26

The underside of the crackle-glazed altocumulus cloud cover gleamed dark orange in the early summer evening. An infinite number of small, just barely separated wisps plunged Lilla Värtan and all of Lidingö into a strange, fractured, bewitching twilight. It was as if the sky were pressing down with superhuman force.

Gunnar Nyberg, sitting in a police car up on Lidingö Bridge, thought he’d never seen such a glow before. It had a fateful music about it.

Maybe it’s my time to die, he thought, then shook off the idea.

He was on his way to the villa of Lovisedal board chairman Jacob Lidner in Mölna, located on the southern spit of Lidingö. Arto Söderstedt had the night watch; he would be gazing out across the water as he sat in that living room that radiated resistance to the police presence. Nyberg sympathized with the living room.

He had nothing to do and had decided on his own initiative to spend the night keeping Söderstedt company. There were worse things he could be doing. Besides, he was feeling an acute need for human companionship. Loneliness had suddenly overwhelmed him and sucked the breath from his throat, propelling him inexorably out into this appallingly lovely early summer evening. The beauty on the Lidingö Bridge took his breath away again.

After the bridge Gunnar Nyberg turned right and took Södra Kungsvägen all the way out to Mölna. When he caught sight of Lidner’s palatial villa, he stopped the car, parking it a safe distance away on the little entrance drive. Dusk had fallen. The peculiar cloud formations now glowed only faintly; then during the minute it took him to walk to the house, they disappeared entirely.

He reached the hedge surrounding the garden. The gate appeared in the middle of all the vegetation. It was ajar. He opened it all the way and stepped into the yard.

Out of the corner of his eye, off to the left, he saw a faint movement, and long before the pain hit him, he heard the dull pop of a gun with a silencer.

He threw his huge body full length onto the gravel path and pulled out his service weapon. Yet another shot whined right over his head.

Something was ignited in Gunnar Nyberg’s eyes.

He got up and with a wild bellow ran like a crazed buffalo, firing one shot after another at the spot where he’d seen the movement a couple of seconds earlier.

A car started up a little farther down the road. He heard it approaching. He tossed aside his empty gun and, still bellowing, crashed like a bulldozer right through the thick hedge and came out onto the road just as the car came up.

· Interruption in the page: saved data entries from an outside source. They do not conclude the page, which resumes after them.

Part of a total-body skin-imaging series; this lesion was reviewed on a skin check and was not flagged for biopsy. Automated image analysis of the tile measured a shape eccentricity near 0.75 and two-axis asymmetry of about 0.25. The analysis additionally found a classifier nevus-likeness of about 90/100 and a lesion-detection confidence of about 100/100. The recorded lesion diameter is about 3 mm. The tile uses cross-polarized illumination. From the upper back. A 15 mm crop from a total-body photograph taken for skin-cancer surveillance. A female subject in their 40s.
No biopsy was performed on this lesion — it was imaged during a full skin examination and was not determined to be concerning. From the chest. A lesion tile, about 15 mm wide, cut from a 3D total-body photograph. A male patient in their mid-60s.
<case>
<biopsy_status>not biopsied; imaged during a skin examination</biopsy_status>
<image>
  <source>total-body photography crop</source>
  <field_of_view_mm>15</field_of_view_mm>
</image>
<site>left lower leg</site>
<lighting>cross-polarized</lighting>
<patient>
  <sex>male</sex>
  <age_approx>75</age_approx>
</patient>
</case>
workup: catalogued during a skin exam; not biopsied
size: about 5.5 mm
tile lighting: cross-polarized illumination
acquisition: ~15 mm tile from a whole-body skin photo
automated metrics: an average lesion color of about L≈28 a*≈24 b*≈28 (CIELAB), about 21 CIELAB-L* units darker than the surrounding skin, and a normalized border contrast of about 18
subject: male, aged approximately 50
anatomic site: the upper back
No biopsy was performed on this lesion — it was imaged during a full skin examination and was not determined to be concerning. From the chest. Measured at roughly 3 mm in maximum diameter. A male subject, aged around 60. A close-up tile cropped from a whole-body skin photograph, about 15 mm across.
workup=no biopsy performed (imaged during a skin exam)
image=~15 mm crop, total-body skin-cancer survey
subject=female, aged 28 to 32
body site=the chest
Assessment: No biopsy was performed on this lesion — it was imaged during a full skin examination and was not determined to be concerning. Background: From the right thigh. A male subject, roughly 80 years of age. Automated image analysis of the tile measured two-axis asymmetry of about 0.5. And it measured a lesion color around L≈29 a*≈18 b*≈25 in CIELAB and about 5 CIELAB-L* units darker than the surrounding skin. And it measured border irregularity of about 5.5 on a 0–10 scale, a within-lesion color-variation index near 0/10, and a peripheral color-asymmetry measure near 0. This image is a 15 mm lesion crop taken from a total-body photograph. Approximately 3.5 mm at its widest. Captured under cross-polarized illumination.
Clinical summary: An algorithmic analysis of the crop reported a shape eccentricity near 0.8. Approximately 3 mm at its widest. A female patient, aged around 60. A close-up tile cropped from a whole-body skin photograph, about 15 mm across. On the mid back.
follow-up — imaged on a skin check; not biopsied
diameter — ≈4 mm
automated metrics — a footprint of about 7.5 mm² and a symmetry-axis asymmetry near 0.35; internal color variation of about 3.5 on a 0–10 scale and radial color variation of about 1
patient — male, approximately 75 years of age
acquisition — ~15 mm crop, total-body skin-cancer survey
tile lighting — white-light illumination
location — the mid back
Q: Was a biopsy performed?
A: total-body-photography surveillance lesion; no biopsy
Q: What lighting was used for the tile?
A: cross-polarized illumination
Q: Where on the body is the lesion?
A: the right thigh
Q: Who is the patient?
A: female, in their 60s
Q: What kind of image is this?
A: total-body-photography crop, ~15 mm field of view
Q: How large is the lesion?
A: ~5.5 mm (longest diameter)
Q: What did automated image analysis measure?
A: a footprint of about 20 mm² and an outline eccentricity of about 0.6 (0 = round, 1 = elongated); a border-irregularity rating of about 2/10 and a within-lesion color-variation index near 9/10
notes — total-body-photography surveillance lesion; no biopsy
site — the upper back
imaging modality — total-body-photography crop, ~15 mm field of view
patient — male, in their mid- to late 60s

Gunnar Nyberg tackled it like a professional hockey player.

He hurled his furious giant’s body against the left side of the accelerating vehicle. It flung him off, and he landed with his face pressed to the asphalt.

The pain came. His field of vision was shrinking drastically, but he saw the car drive into a lamppost a dozen yards away.

Arto Söderstedt, with gun raised, rushed over to the car, yanked the driver out, and pulled him over to the other side of the road. The last thing Nyberg saw before everything vanished in a sea of fire was Alexander Bryusov’s bloody face being dragged across the asphalt.

Maybe it’s my time to die, thought Gunnar Nyberg, and he was gone.